Reproduce all the records word for word. Omit images.

BEGIN Data to examine

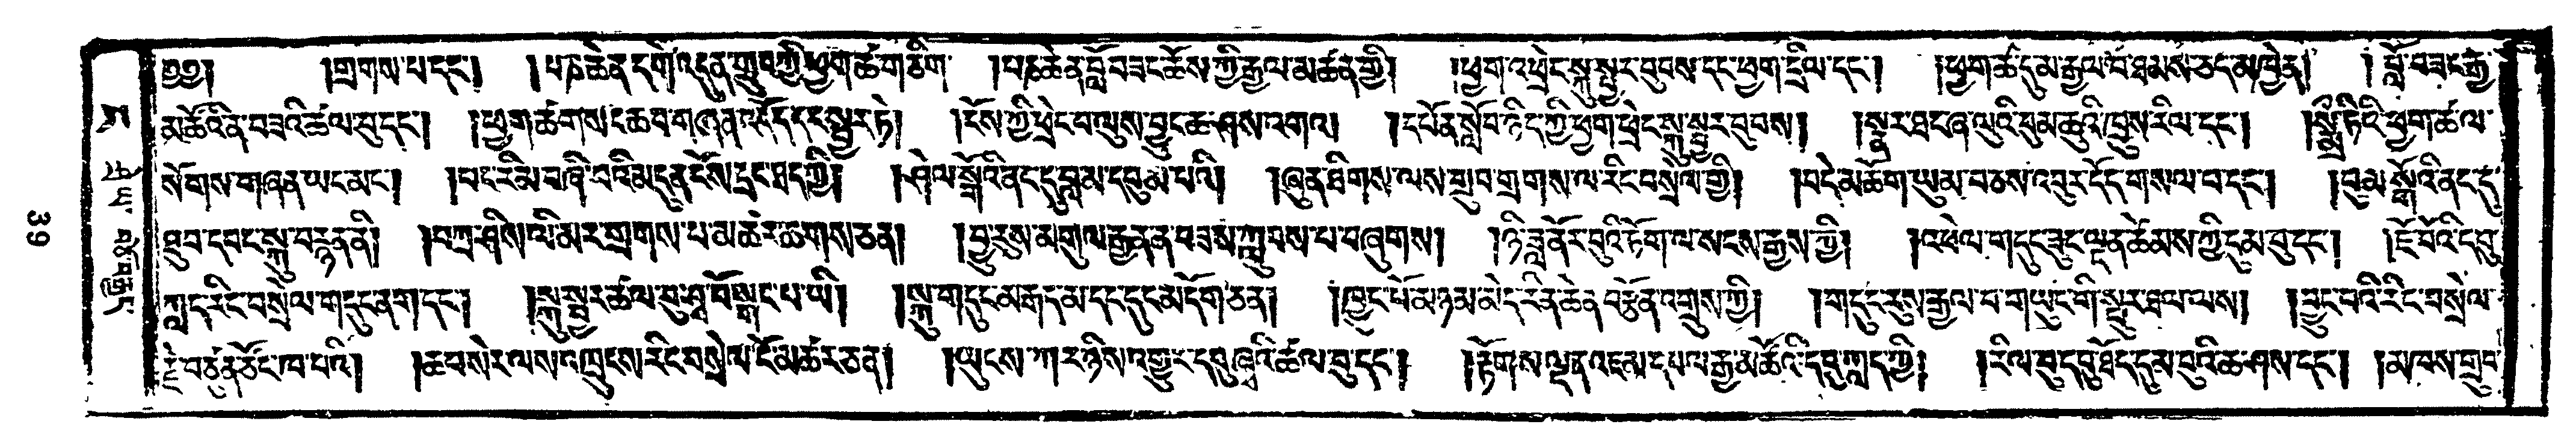༄༅། །གྲགས་པ་དང་། །པཎ་ཆེན་དགེ་འདུན་གྲུབ་ཀྱི་ཕྱག་ཚ་གཅིག །པཎ་ཆེན་བློ་བཟང་ཆོས་ཀྱི་རྒྱལ་མཚན་གྱི། །ཕྱག་འཕྲེང་སྐུ་སྤྱར་བུབས་དང་ཕྱག་དྲིལ་དང་། །ཕྱག་ཚ་དུ་མ་རྒྱལ་བ་ཐམས་ཅད་མཁྱེན། །བློ་བཟང་རྒྱ་
མཚོའི་ན་བཟའི་ཚལ་བུ་དང་། །ཕྱག་ཚ་གསང་ཆབ་གཞན་འདོད་དང་སྦྱར་ཏེ། །ངོས་ཀྱི་ཕྲེང་བ་ལུས་བྱུང་ཆ་ཤས་འགའ། །དཔོན་སློབ་ཉིད་ཀྱི་ཕྱག་ཕྲེང་སྐུ་སྦྱར་བུབས། །སྣར་ཐང་ཞ་ལུའི་བུམ་ཆུའི་ཁྲུས་རིལ་དང་། །སྨྲྀ་ཏིའི་ཕྱག་ཚ་ལ་
སོགས་གཞན་ཡང་མང་། །བང་རིམ་བཞི་བའི་མདུན་ངོས་དྲང་ཐད་ཀྱི། །ཤེལ་སྒོའི་ནང་དུ་བླ་མ་དབུ་མ་པའི། །ཞུན་ཐིགས་ལས་གྲུབ་གྲགས་ལ་རིང་བསྲེལ་གྱི། །བདེ་མཆོག་ཡུམ་བཅས་འབུར་དོད་གསལ་བ་དང་། །བུམ་སྒོའི་ནང་དུ་
ཐུབ་དབང་སྐུ་བརྙན་ནི། །བཀྲ་ཤིས་ལི་མར་གྲགས་པ་མཚར་ཆགས་ཅན། །བྱུ་རུས་མགུལ་རྒྱན་ན་བཟས་ཀླུབས་པ་བཞུགས། །ཉི་ཟླ་ནོར་བུའི་ཏོག་ལ་སངས་རྒྱས་ཀྱི། །འཕེལ་གདུང་ཟུང་ལྡན་ཚེམས་ཀྱི་དུམ་བུ་དང་། །ཇོ་བོའི་དབུ་
ཀླད་རིང་བསྲེལ་གདུང་ནག་དང་། །སྐུ་སྦྱར་ཚལ་བུ་ཤྭ་བོ་སྒང་པ་ཡི། །སྐུ་གདུང་མརྒད་མ་དང་དུང་མདོག་ཅན། །ཁྱུང་པོ་མཉམ་མེད་རིན་ཆེན་བརྩོན་འགྲུས་ཀྱི། །གདུང་རུས་རྒྱལ་བ་གཡུང་གི་སྤུར་ཐལ་ལས། །བྱུང་བའི་རིང་བསྲེལ་
རྗེ་བཙུན་ཙོང་ཁ་པའི། །ཆབ་སེར་ལས་འཁྲུངས་རིང་བསྲེལ་ངོ་མཚར་ཅན། །ཡུངས་ཀར་ཉིས་འགྱུར་དབུ་ཞྭའི་ཚལ་བུ་དང་། །རྟོགས་ལྡན་འཇམ་དཔལ་རྒྱ་མཚོའི་དབུ་ཀླད་ཀྱི། །རིལ་བུ་དབུ་ཐོད་དུམ་བུའི་ཆ་ཤས་དང་། །མཁས་གྲུབ་
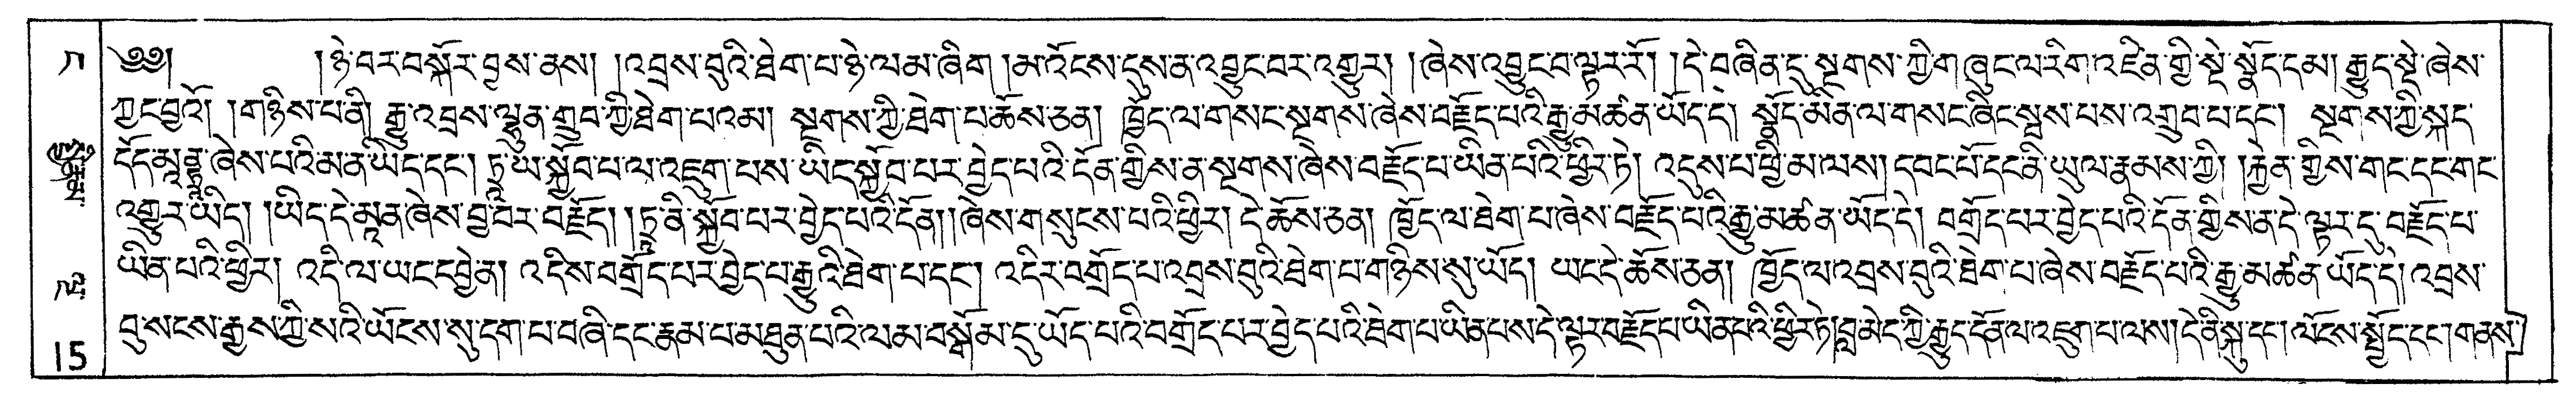༄༅། །ཉེ་བར་བསྐོར་བྱས་ནས། །འབྲས་བུའི་ཐེག་པ་ཉེ་ལམ་ཞིག །མ་འོངས་དུས་ན་འབྱུང་བར་འགྱུར། །ཞེས་འབྱུང་བ་ལྟར་རོ། །དེ་བཞིན་དུ་སྔགས་ཀྱི་གཞུང་ལ་རིག་འཛིན་གྱི་སྡེ་སྣོད་དམ། རྒྱུད་སྡེ་ཞེས་
ཀྱང་བྱའོ། །གཉིས་པ་ནི། རྒྱུ་འབྲས་ལྷུན་གྲུབ་ཀྱི་ཐེག་པའམ། སྔགས་ཀྱི་ཐེག་པ་ཆོས་ཅན། ཁྱོད་ལ་གསང་སྔགས་ཞེས་བརྗོད་པའི་རྒྱུ་མཚན་ཡོད་དེ། སྣོད་མིན་ལ་གསང་ཞིང་སྦས་པས་འགྲུབ་པ་དང་། སྔགས་ཀྱི་སྐད་
དོད་མཱནྟྲཱ་ཞེས་པའི་མ་ན་ཡིད་དང་། ཏྲཱ་ཡ་སྐྱོབ་པ་ལ་འཇུག་པས་ཡིད་སྐྱོབ་པར་བྱེད་པའི་དོན་གྱིས་ན་སྔགས་ཞེས་བརྗོད་པ་ཡིན་པའི་ཕྱིར་ཏེ། འདུས་པ་ཕྱི་མ་ལས། དབང་པོ་དང་ནི་ཡུལ་རྣམས་ཀྱི། །རྐྱེན་གྱིས་གང་དང་གང་
འགྱུར་ཡིད། །ཡིད་དེ་མཱན་ཞེས་བྱ་བར་བརྗོད། །ཏྲཱ་ནི་སྐྱོབ་པར་བྱེད་པའི་དོན། །ཞེས་གསུངས་པའི་ཕྱིར། དེ་ཆོས་ཅན། ཁྱོད་ལ་ཐེག་པ་ཞེས་བརྗོད་པའི་རྒྱུ་མཚན་ཡོད་དེ། བགྲོད་པར་བྱེད་པའི་དོན་གྱིས་ན་དེ་ལྟར་དུ་བརྗོད་པ་
ཡིན་པའི་ཕྱིར། འདི་ལ་ཡང་དབྱེ་ན། འདིས་བགྲོད་པར་བྱེད་པ་རྒྱུའི་ཐེག་པ་དང་། འདིར་བགྲོད་པ་འབྲས་བུའི་ཐེག་པ་གཉིས་སུ་ཡོད། ཡང་དེ་ཆོས་ཅན། ཁྱོད་ལ་འབྲས་བུའི་ཐེག་པ་ཞེས་བརྗོད་པའི་རྒྱུ་མཚན་ཡོད་དེ། འབྲས་
བུ་སངས་རྒྱས་ཀྱི་སའི་ཡོངས་སུ་དག་པ་བཞི་དང་རྣམ་པ་མཐུན་པའི་ལམ་བསྒོམ་དུ་ཡོད་པའི་བགྲོད་པར་བྱེད་པའི་ཐེག་པ་ཡིན་པས་དེ་ལྟར་བརྗོད་པ་ཡིན་པའི་ཕྱིར་ཏེ། བླ་མེད་ཀྱི་རྒྱུད་དོན་ལ་འཇུག་པ་ལས། དེ་ནི་སྐུ་དང་། ལོངས་སྤྱོད་དང་། གནས་

END Data to examine

Result of this task:
༄༅། །གྲགས་པ་དང་། །པཎ་ཆེན་དགེ་འདུན་གྲུབ་ཀྱི་ཕྱག་ཚ་གཅིག །པཎ་ཆེན་བློ་བཟང་ཆོས་ཀྱི་རྒྱལ་མཚན་གྱི། །ཕྱག་འཕྲེང་སྐུ་སྤྱར་བུབས་དང་ཕྱག་དྲིལ་དང་། །ཕྱག་ཚ་དུ་མ་རྒྱལ་བ་ཐམས་ཅད་མཁྱེན། །བློ་བཟང་རྒྱ་
མཚོའི་ན་བཟའི་ཚལ་བུ་དང་། །ཕྱག་ཚ་གསང་ཆབ་གཞན་འདོད་དང་སྦྱར་ཏེ། །ངོས་ཀྱི་ཕྲེང་བ་ལུས་བྱུང་ཆ་ཤས་འགའ། །དཔོན་སློབ་ཉིད་ཀྱི་ཕྱག་ཕྲེང་སྐུ་སྦྱར་བུབས། །སྣར་ཐང་ཞ་ལུའི་བུམ་ཆུའི་ཁྲུས་རིལ་དང་། །སྨྲྀ་ཏིའི་ཕྱག་ཚ་ལ་
སོགས་གཞན་ཡང་མང་། །བང་རིམ་བཞི་བའི་མདུན་ངོས་དྲང་ཐད་ཀྱི། །ཤེལ་སྒོའི་ནང་དུ་བླ་མ་དབུ་མ་པའི། །ཞུན་ཐིགས་ལས་གྲུབ་གྲགས་ལ་རིང་བསྲེལ་གྱི། །བདེ་མཆོག་ཡུམ་བཅས་འབུར་དོད་གསལ་བ་དང་། །བུམ་སྒོའི་ནང་དུ་
ཐུབ་དབང་སྐུ་བརྙན་ནི། །བཀྲ་ཤིས་ལི་མར་གྲགས་པ་མཚར་ཆགས་ཅན། །བྱུ་རུས་མགུལ་རྒྱན་ན་བཟས་ཀླུབས་པ་བཞུགས། །ཉི་ཟླ་ནོར་བུའི་ཏོག་ལ་སངས་རྒྱས་ཀྱི། །འཕེལ་གདུང་ཟུང་ལྡན་ཚེམས་ཀྱི་དུམ་བུ་དང་། །ཇོ་བོའི་དབུ་
ཀླད་རིང་བསྲེལ་གདུང་ནག་དང་། །སྐུ་སྦྱར་ཚལ་བུ་ཤྭ་བོ་སྒང་པ་ཡི། །སྐུ་གདུང་མརྒད་མ་དང་དུང་མདོག་ཅན། །ཁྱུང་པོ་མཉམ་མེད་རིན་ཆེན་བརྩོན་འགྲུས་ཀྱི། །གདུང་རུས་རྒྱལ་བ་གཡུང་གི་སྤུར་ཐལ་ལས། །བྱུང་བའི་རིང་བསྲེལ་
རྗེ་བཙུན་ཙོང་ཁ་པའི། །ཆབ་སེར་ལས་འཁྲུངས་རིང་བསྲེལ་ངོ་མཚར་ཅན། །ཡུངས་ཀར་ཉིས་འགྱུར་དབུ་ཞྭའི་ཚལ་བུ་དང་། །རྟོགས་ལྡན་འཇམ་དཔལ་རྒྱ་མཚོའི་དབུ་ཀླད་ཀྱི། །རིལ་བུ་དབུ་ཐོད་དུམ་བུའི་ཆ་ཤས་དང་། །མཁས་གྲུབ་
༄༅། །ཉེ་བར་བསྐོར་བྱས་ནས། །འབྲས་བུའི་ཐེག་པ་ཉེ་ལམ་ཞིག །མ་འོངས་དུས་ན་འབྱུང་བར་འགྱུར། །ཞེས་འབྱུང་བ་ལྟར་རོ། །དེ་བཞིན་དུ་སྔགས་ཀྱི་གཞུང་ལ་རིག་འཛིན་གྱི་སྡེ་སྣོད་དམ། རྒྱུད་སྡེ་ཞེས་
ཀྱང་བྱའོ། །གཉིས་པ་ནི། རྒྱུ་འབྲས་ལྷུན་གྲུབ་ཀྱི་ཐེག་པའམ། སྔགས་ཀྱི་ཐེག་པ་ཆོས་ཅན། ཁྱོད་ལ་གསང་སྔགས་ཞེས་བརྗོད་པའི་རྒྱུ་མཚན་ཡོད་དེ། སྣོད་མིན་ལ་གསང་ཞིང་སྦས་པས་འགྲུབ་པ་དང་། སྔགས་ཀྱི་སྐད་
དོད་མཱནྟྲཱ་ཞེས་པའི་མ་ན་ཡིད་དང་། ཏྲཱ་ཡ་སྐྱོབ་པ་ལ་འཇུག་པས་ཡིད་སྐྱོབ་པར་བྱེད་པའི་དོན་གྱིས་ན་སྔགས་ཞེས་བརྗོད་པ་ཡིན་པའི་ཕྱིར་ཏེ། འདུས་པ་ཕྱི་མ་ལས། དབང་པོ་དང་ནི་ཡུལ་རྣམས་ཀྱི། །རྐྱེན་གྱིས་གང་དང་གང་
འགྱུར་ཡིད། །ཡིད་དེ་མཱན་ཞེས་བྱ་བར་བརྗོད། །ཏྲཱ་ནི་སྐྱོབ་པར་བྱེད་པའི་དོན། །ཞེས་གསུངས་པའི་ཕྱིར། དེ་ཆོས་ཅན། ཁྱོད་ལ་ཐེག་པ་ཞེས་བརྗོད་པའི་རྒྱུ་མཚན་ཡོད་དེ། བགྲོད་པར་བྱེད་པའི་དོན་གྱིས་ན་དེ་ལྟར་དུ་བརྗོད་པ་
ཡིན་པའི་ཕྱིར། འདི་ལ་ཡང་དབྱེ་ན། འདིས་བགྲོད་པར་བྱེད་པ་རྒྱུའི་ཐེག་པ་དང་། འདིར་བགྲོད་པ་འབྲས་བུའི་ཐེག་པ་གཉིས་སུ་ཡོད། ཡང་དེ་ཆོས་ཅན། ཁྱོད་ལ་འབྲས་བུའི་ཐེག་པ་ཞེས་བརྗོད་པའི་རྒྱུ་མཚན་ཡོད་དེ། འབྲས་
བུ་སངས་རྒྱས་ཀྱི་སའི་ཡོངས་སུ་དག་པ་བཞི་དང་རྣམ་པ་མཐུན་པའི་ལམ་བསྒོམ་དུ་ཡོད་པའི་བགྲོད་པར་བྱེད་པའི་ཐེག་པ་ཡིན་པས་དེ་ལྟར་བརྗོད་པ་ཡིན་པའི་ཕྱིར་ཏེ། བླ་མེད་ཀྱི་རྒྱུད་དོན་ལ་འཇུག་པ་ལས། དེ་ནི་སྐུ་དང་། ལོངས་སྤྱོད་དང་། གནས་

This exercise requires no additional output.